We can use the law to work out some quantities in everyday situations.

Example 1 How much space does a mole of air occupy at room temperature (293 K = 20 C) and 1 atm pressure?

$\displaystyle V=\frac{nRT}{P}=\frac{\left(1\right)\left(8.31\right)\left(293\right)}{9.80665\times10^{4}}=0.0248\mbox{ m}^{3}$

This is a cube 29 cm on a side so a mole of air is found in roughly a cubic foot.
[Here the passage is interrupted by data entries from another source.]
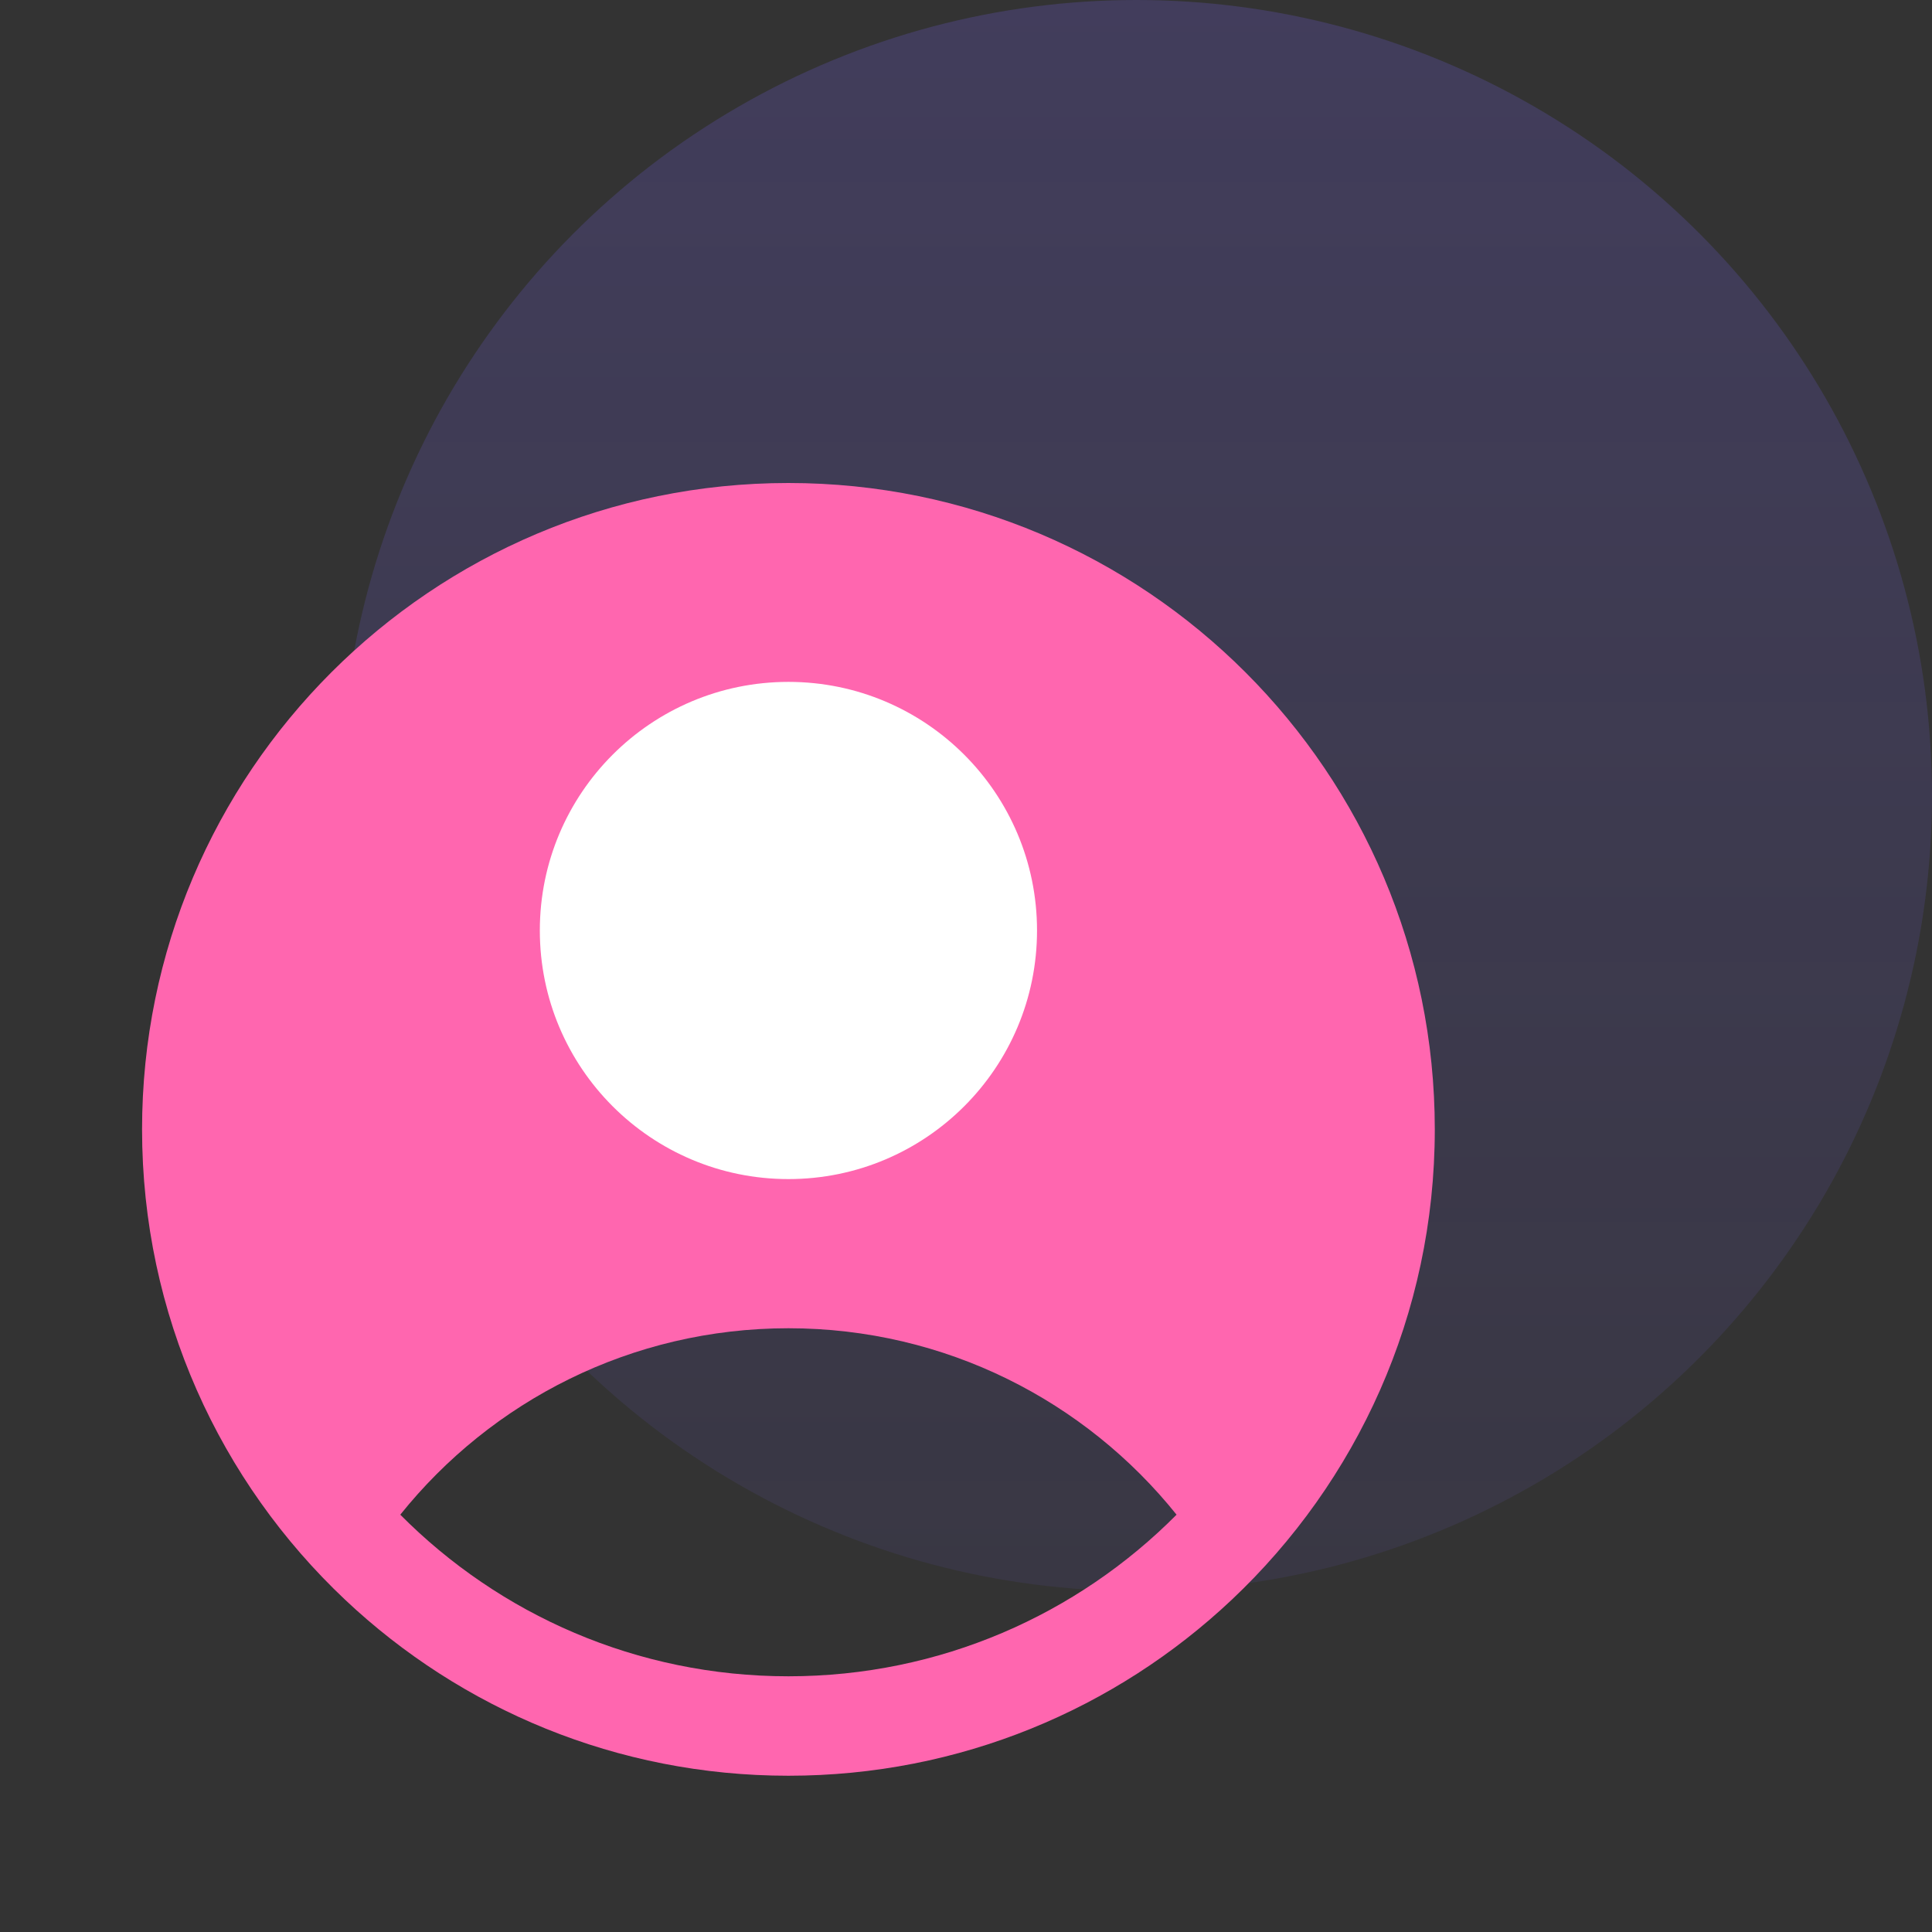 <svg width="68" height="68" viewBox="0 0 68 68" fill="none" xmlns="http://www.w3.org/2000/svg">
<rect x="0" y="0" width="68" height="68" fill="#333333" stroke="none"/>
<circle opacity="0.2" cx="40" cy="28" r="28" fill="url(#paint0_linear_297_10055)"/>
<path fill-rule="evenodd" clip-rule="evenodd" d="M50.5 39.75C50.5 46.277 47.752 52.161 43.349 56.31C39.276 60.148 33.788 62.5 27.75 62.5C21.712 62.5 16.224 60.148 12.151 56.31C7.748 52.161 5 46.277 5 39.75C5 27.186 15.185 17 27.75 17C40.315 17 50.5 27.186 50.5 39.75ZM27.75 46.75C22.224 46.75 17.296 49.312 14.089 53.312C17.576 56.825 22.409 59 27.75 59C33.091 59 37.924 56.825 41.411 53.312C38.204 49.312 33.276 46.75 27.75 46.75Z" fill="#FF66AF"/>
<path d="M36.5 32.75C36.5 37.583 32.583 41.5 27.75 41.5C22.918 41.5 19 37.583 19 32.75C19 27.918 22.918 24 27.75 24C32.583 24 36.5 27.918 36.5 32.75Z" fill="white"/>
<defs>
<linearGradient id="paint0_linear_297_10055" x1="40" y1="0" x2="40" y2="56" gradientUnits="userSpaceOnUse">
<stop stop-color="#7C66FF"/>
<stop offset="1" stop-color="#7C66FF" stop-opacity="0.4"/>
</linearGradient>
</defs>
</svg>

Example 2 Using the previous example, we can estimate the number of air molecules in a typical room in a house. The room in which I’m typing this blog is about 4 metres square by 3 metres high so its volume is ${48\mbox{ m}^{3}}$ so the number of air molecules is around

$\displaystyle N=\frac{48}{0.0248}\times6.02\times10^{23}=1.16\times10^{27} \ \ \ \ \ (4)$

Example 3 Suppose we have two rooms A and B that are the same size and connected by an open doorway, so the air has the same pressure and volume in both rooms. This means that

 $\displaystyle P_{A}V_{A}$ $\displaystyle =$ $\displaystyle P_{B}V_{B}\ \ \ \ \ (5)$ $\displaystyle n_{A}T_{A}$ $\displaystyle =$ $\displaystyle n_{B}T_{B} \ \ \ \ \ (6)$

If room A is warmer than room B then ${n_{A} so room B contains the greater mass of air.

Example 4 From example 1 we can calculate the average distance between molecules in an ideal gas. The volume per molecule is

$\displaystyle v=\frac{V}{6.02\times10^{23}}=4.124\times10^{-26}\mbox{ m}^{3} \ \ \ \ \ (7)$

The cube root of this provides an estimate of the inter-molecule distance:

$\displaystyle d=3.455\times10^{-9}\mbox{ m} \ \ \ \ \ (8)$

The size of a water molecule is about ${3\times10^{-10}\mbox{ m}}$ so in a gas of water vapour, the distance is about ten times the molecular size.

Example 5 Roughly speaking, the relative atomic mass (previously known as the atomic weight) of an element is the mass of one mole of that element where the various isotopes of the element in the sample occur in the ratios they are found in nature (on Earth, at least). For a few substances, the mass of 1 mole is shown:

 Substance Formula Mass of 1 mole (g) Water ${\mbox{H}_{2}\mbox{O}}$ 18.01528 Nitrogen ${\mbox{N}_{2}}$ 28.01348 Lead ${\mbox{Pb}}$ 207.2 Quartz ${\mbox{SiO}_{2}}$ 60.0843 Oxygen ${\mbox{O}_{2}}$ 31.9988 Argon ${\mbox{Ar}}$ 39.948

Example 6 Using the values in example 5 we can work out the mass of a mole of dry air, which consists of 78% nitrogen, 21% oxygen and 1% argon.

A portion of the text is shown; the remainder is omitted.